[Data for the task]
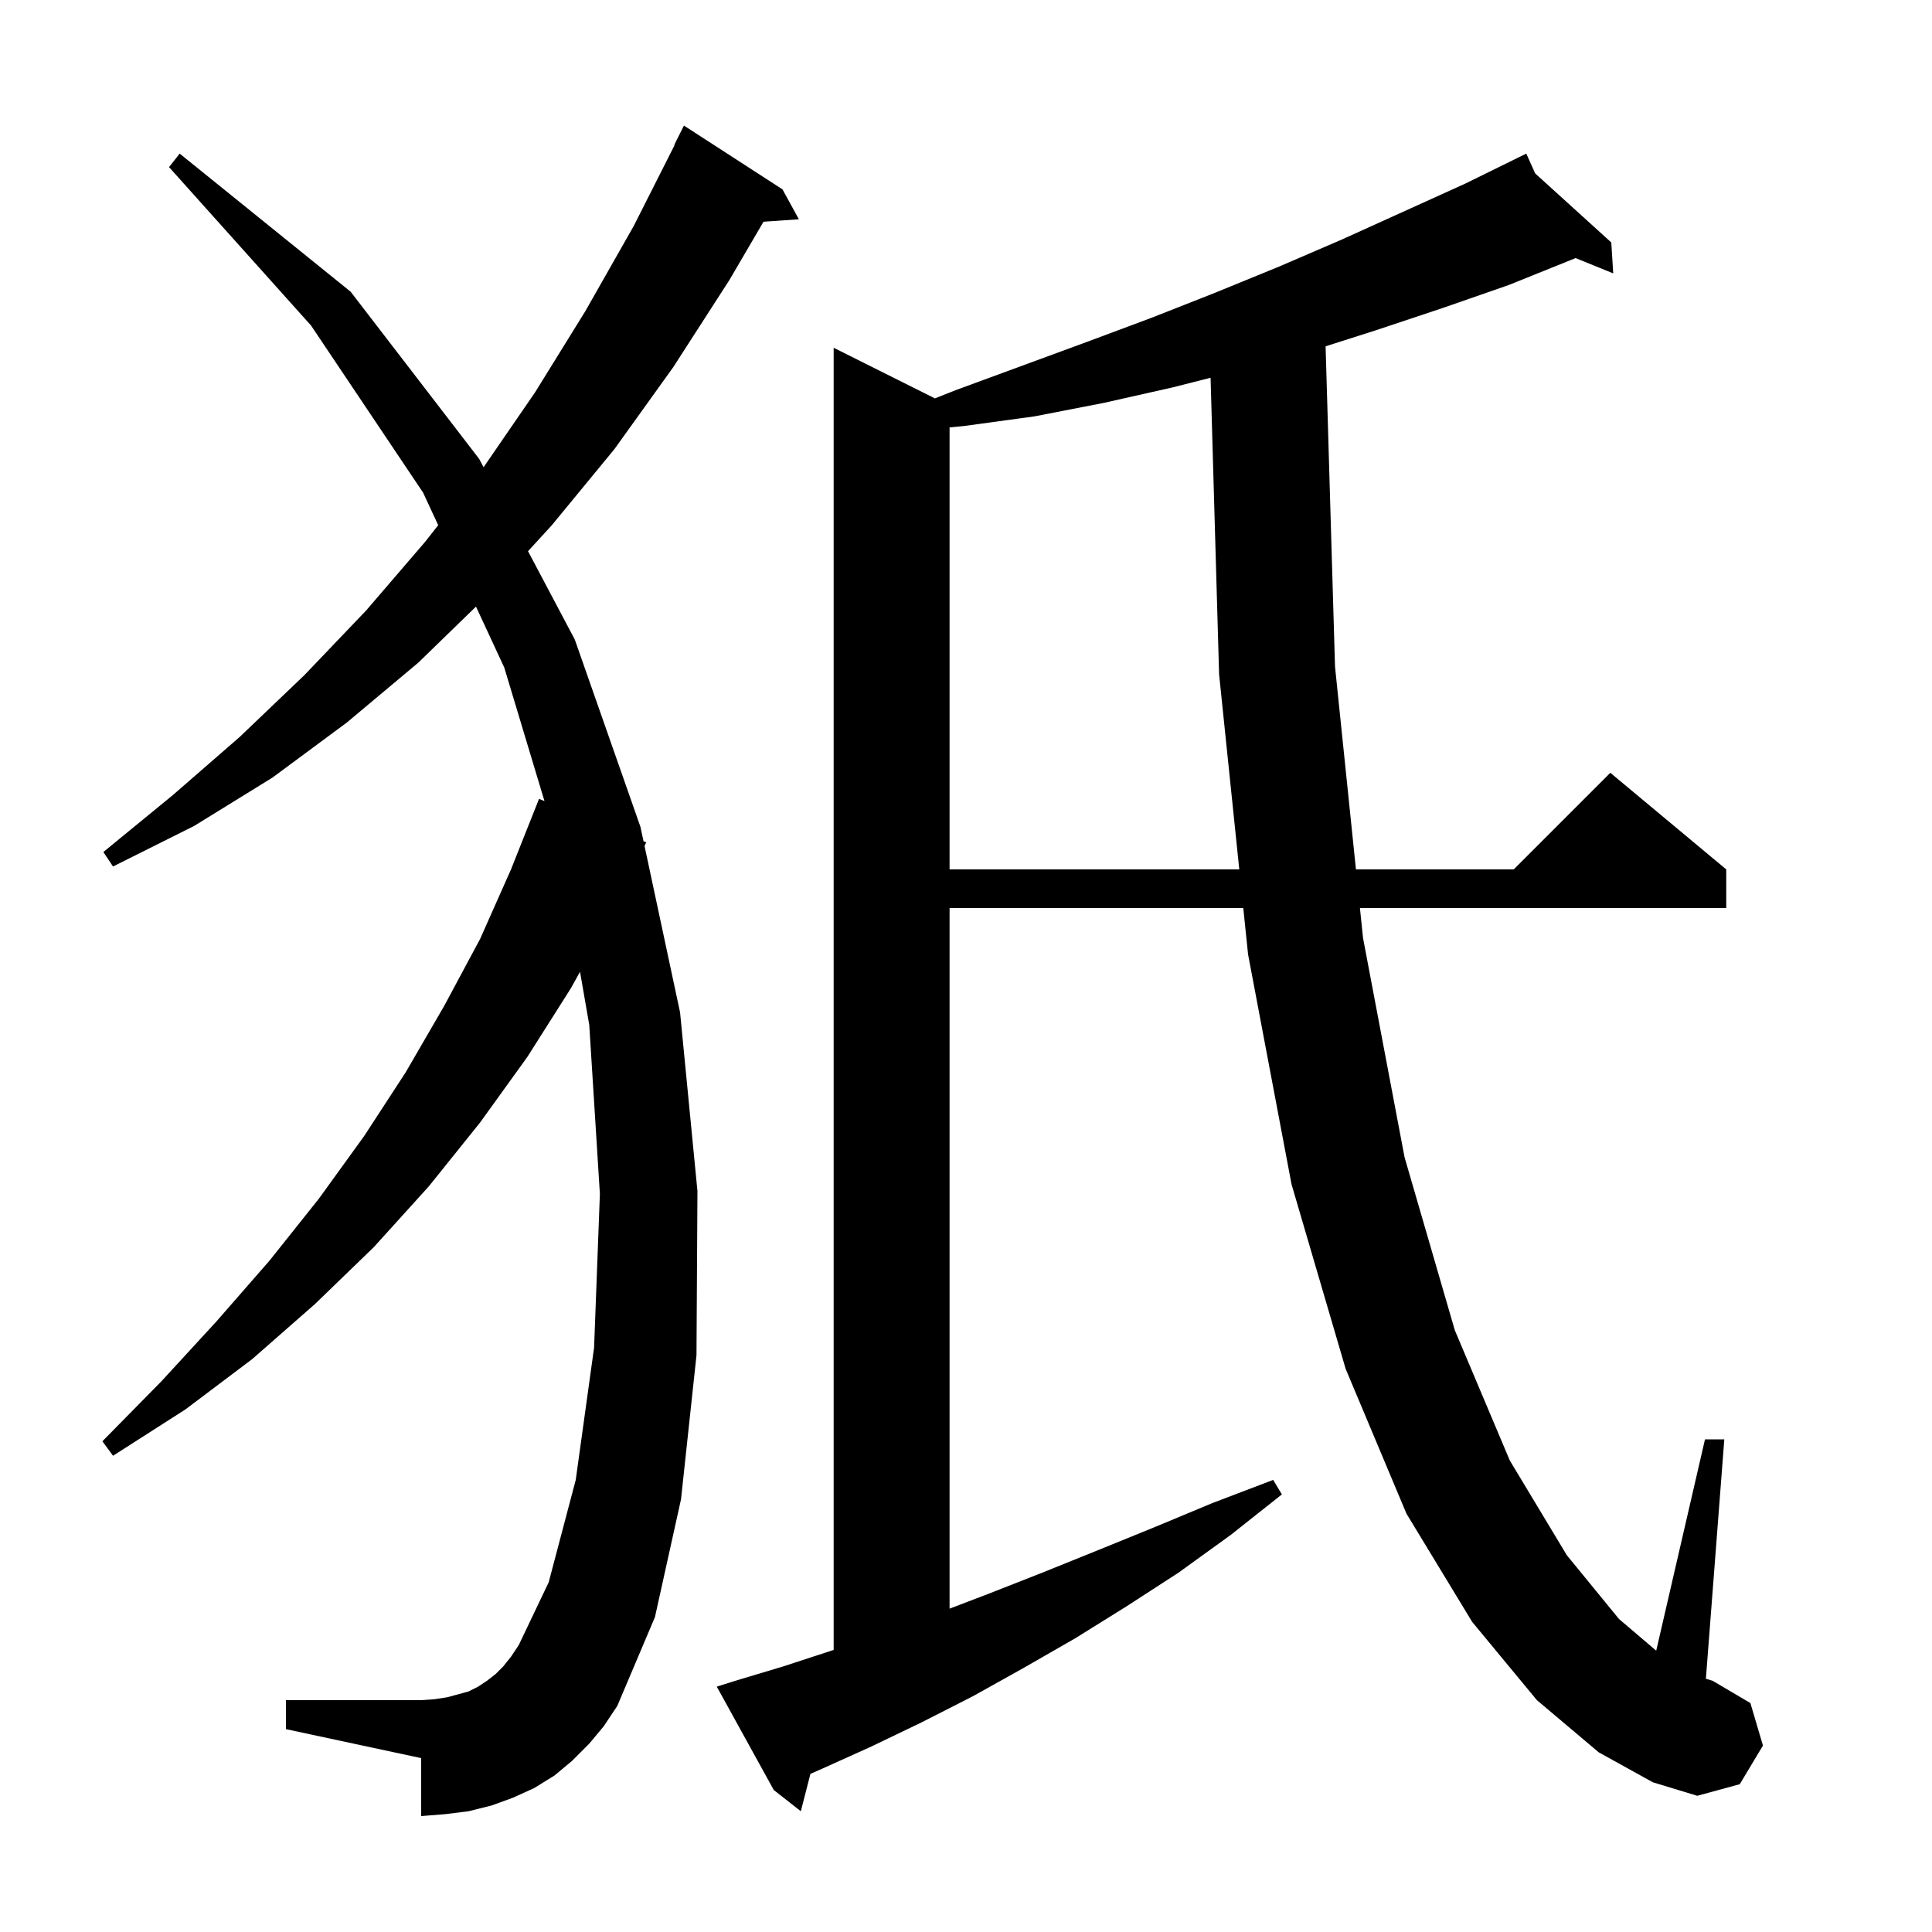 <svg xmlns="http://www.w3.org/2000/svg" xmlns:xlink="http://www.w3.org/1999/xlink" version="1.1" baseProfile="full" viewBox="0 0 200 200" width="200" height="200">
<g fill="black">
<path d="M 165.5 181.4 L 159.1 176.0 L 152.4 167.9 L 145.6 156.7 L 139.3 141.7 L 133.7 122.6 L 129.2 98.8 L 128.703 94.0 L 98.3 94.0 L 98.3 166.527 L 102.3 165.0 L 107.9 162.8 L 113.6 160.5 L 119.5 158.1 L 125.5 155.6 L 131.8 153.2 L 132.7 154.7 L 127.4 158.9 L 122.0 162.8 L 116.6 166.3 L 111.3 169.6 L 105.9 172.7 L 100.7 175.6 L 95.4 178.3 L 90.2 180.8 L 85.1 183.1 L 83.895 183.63 L 82.9 187.5 L 80.1 185.3 L 74.2 174.6 L 76.1 174.0 L 81.1 172.5 L 86.3 170.8 L 86.3 36.0 L 96.782 41.241 L 98.9 40.4 L 112.5 35.4 L 119.2 32.9 L 125.8 30.3 L 132.4 27.6 L 138.9 24.8 L 151.7 19.0 L 157.119 16.334 L 157.1 16.3 L 157.131 16.328 L 158.0 15.9 L 158.923 17.954 L 166.8 25.1 L 167.0 28.3 L 163.097 26.714 L 162.9 26.8 L 156.2 29.5 L 149.3 31.9 L 142.4 34.2 L 137.225 35.85 L 138.2 69.0 L 140.367 90.0 L 156.7 90.0 L 166.7 80.0 L 178.7 90.0 L 178.7 94.0 L 140.78 94.0 L 141.1 97.1 L 145.4 119.8 L 150.6 137.7 L 156.3 151.2 L 162.2 161.0 L 167.6 167.6 L 171.451 170.878 L 176.5 149.0 L 178.5 149.0 L 176.594 173.779 L 177.3 174.0 L 181.2 176.3 L 182.5 180.7 L 180.1 184.7 L 175.7 185.9 L 171.1 184.5 Z M 61.0 180.5 L 59.2 182.3 L 57.4 183.8 L 55.3 185.1 L 53.1 186.1 L 50.9 186.9 L 48.5 187.5 L 46.1 187.8 L 43.6 188.0 L 43.6 182.0 L 29.6 179.0 L 29.6 176.0 L 43.6 176.0 L 45.0 175.9 L 46.3 175.7 L 48.5 175.1 L 49.5 174.6 L 50.4 174.0 L 51.3 173.3 L 52.1 172.5 L 52.9 171.5 L 53.7 170.3 L 56.8 163.8 L 59.6 153.2 L 61.5 139.5 L 62.1 123.6 L 61.0 106.1 L 60.043 100.598 L 59.1 102.3 L 54.6 109.4 L 49.7 116.2 L 44.4 122.8 L 38.7 129.1 L 32.6 135.0 L 26.1 140.7 L 19.2 145.9 L 11.7 150.7 L 10.6 149.2 L 16.7 143.0 L 22.4 136.8 L 27.9 130.5 L 33.0 124.1 L 37.7 117.6 L 42.0 111.0 L 46.0 104.1 L 49.7 97.2 L 52.9 90.0 L 55.8 82.7 L 56.363 82.928 L 52.2 69.1 L 49.274 62.795 L 43.3 68.6 L 35.9 74.8 L 28.2 80.5 L 20.1 85.5 L 11.7 89.7 L 10.7 88.2 L 17.9 82.3 L 24.8 76.3 L 31.5 69.9 L 37.9 63.2 L 44.0 56.1 L 45.363 54.368 L 43.8 51.0 L 32.2 33.7 L 17.5 17.3 L 18.6 15.9 L 36.3 30.2 L 49.6 47.5 L 50.06 48.368 L 55.4 40.6 L 60.6 32.2 L 65.6 23.4 L 69.837 15.015 L 69.8 15.0 L 70.8 13.0 L 81.0 19.6 L 82.7 22.7 L 79.038 22.953 L 75.5 29.0 L 69.7 38.0 L 63.6 46.5 L 57.1 54.4 L 54.66 57.058 L 59.5 66.2 L 66.3 85.6 L 66.617 87.085 L 66.9 87.2 L 66.721 87.572 L 70.4 104.8 L 72.2 123.3 L 72.1 140.3 L 70.5 155.2 L 67.8 167.4 L 63.9 176.6 L 62.5 178.7 Z M 121.4 40.1 L 114.3 41.7 L 107.1 43.1 L 99.8 44.1 L 98.3 44.244 L 98.3 90.0 L 128.29 90.0 L 126.2 69.8 L 125.318 39.107 Z " />
</g>
</svg>
[/Data for the task]
Print all entries exactly; skip the pictures.

 <svg xmlns="http://www.w3.org/2000/svg" xmlns:xlink="http://www.w3.org/1999/xlink" version="1.1" baseProfile="full" viewBox="0 0 200 200" width="200" height="200">
<g fill="black">
<path d="M 165.5 181.4 L 159.1 176.0 L 152.4 167.9 L 145.6 156.7 L 139.3 141.7 L 133.7 122.6 L 129.2 98.8 L 128.703 94.0 L 98.3 94.0 L 98.3 166.527 L 102.3 165.0 L 107.9 162.8 L 113.6 160.5 L 119.5 158.1 L 125.5 155.6 L 131.8 153.2 L 132.7 154.7 L 127.4 158.9 L 122.0 162.8 L 116.6 166.3 L 111.3 169.6 L 105.9 172.7 L 100.7 175.6 L 95.4 178.3 L 90.2 180.8 L 85.1 183.1 L 83.895 183.63 L 82.9 187.5 L 80.1 185.3 L 74.2 174.6 L 76.1 174.0 L 81.1 172.5 L 86.3 170.8 L 86.3 36.0 L 96.782 41.241 L 98.9 40.4 L 112.5 35.4 L 119.2 32.9 L 125.8 30.3 L 132.4 27.6 L 138.9 24.8 L 151.7 19.0 L 157.119 16.334 L 157.1 16.3 L 157.131 16.328 L 158.0 15.9 L 158.923 17.954 L 166.8 25.1 L 167.0 28.3 L 163.097 26.714 L 162.9 26.8 L 156.2 29.5 L 149.3 31.9 L 142.4 34.2 L 137.225 35.85 L 138.2 69.0 L 140.367 90.0 L 156.7 90.0 L 166.7 80.0 L 178.7 90.0 L 178.7 94.0 L 140.78 94.0 L 141.1 97.1 L 145.4 119.8 L 150.6 137.7 L 156.3 151.2 L 162.2 161.0 L 167.6 167.6 L 171.451 170.878 L 176.5 149.0 L 178.5 149.0 L 176.594 173.779 L 177.3 174.0 L 181.2 176.3 L 182.5 180.7 L 180.1 184.7 L 175.7 185.9 L 171.1 184.5 Z M 61.0 180.5 L 59.2 182.3 L 57.4 183.8 L 55.3 185.1 L 53.1 186.1 L 50.9 186.9 L 48.5 187.5 L 46.1 187.8 L 43.6 188.0 L 43.6 182.0 L 29.6 179.0 L 29.6 176.0 L 43.6 176.0 L 45.0 175.9 L 46.3 175.7 L 48.5 175.1 L 49.5 174.6 L 50.4 174.0 L 51.3 173.3 L 52.1 172.5 L 52.9 171.5 L 53.7 170.3 L 56.8 163.8 L 59.6 153.2 L 61.5 139.5 L 62.1 123.6 L 61.0 106.1 L 60.043 100.598 L 59.1 102.3 L 54.6 109.4 L 49.7 116.2 L 44.4 122.8 L 38.7 129.1 L 32.6 135.0 L 26.1 140.7 L 19.2 145.9 L 11.7 150.7 L 10.6 149.2 L 16.7 143.0 L 22.4 136.8 L 27.9 130.5 L 33.0 124.1 L 37.7 117.6 L 42.0 111.0 L 46.0 104.1 L 49.7 97.2 L 52.9 90.0 L 55.8 82.7 L 56.363 82.928 L 52.2 69.1 L 49.274 62.795 L 43.3 68.6 L 35.9 74.8 L 28.2 80.5 L 20.1 85.5 L 11.7 89.7 L 10.7 88.2 L 17.9 82.3 L 24.8 76.3 L 31.5 69.9 L 37.9 63.2 L 44.0 56.1 L 45.363 54.368 L 43.8 51.0 L 32.2 33.7 L 17.5 17.3 L 18.6 15.9 L 36.3 30.2 L 49.6 47.5 L 50.06 48.368 L 55.4 40.6 L 60.6 32.2 L 65.6 23.4 L 69.837 15.015 L 69.8 15.0 L 70.8 13.0 L 81.0 19.6 L 82.7 22.7 L 79.038 22.953 L 75.5 29.0 L 69.7 38.0 L 63.6 46.5 L 57.1 54.4 L 54.66 57.058 L 59.5 66.2 L 66.3 85.6 L 66.617 87.085 L 66.9 87.2 L 66.721 87.572 L 70.4 104.8 L 72.2 123.3 L 72.1 140.3 L 70.5 155.2 L 67.8 167.4 L 63.9 176.6 L 62.5 178.7 Z M 121.4 40.1 L 114.3 41.7 L 107.1 43.1 L 99.8 44.1 L 98.3 44.244 L 98.3 90.0 L 128.29 90.0 L 126.2 69.8 L 125.318 39.107 Z " />
</g>
</svg>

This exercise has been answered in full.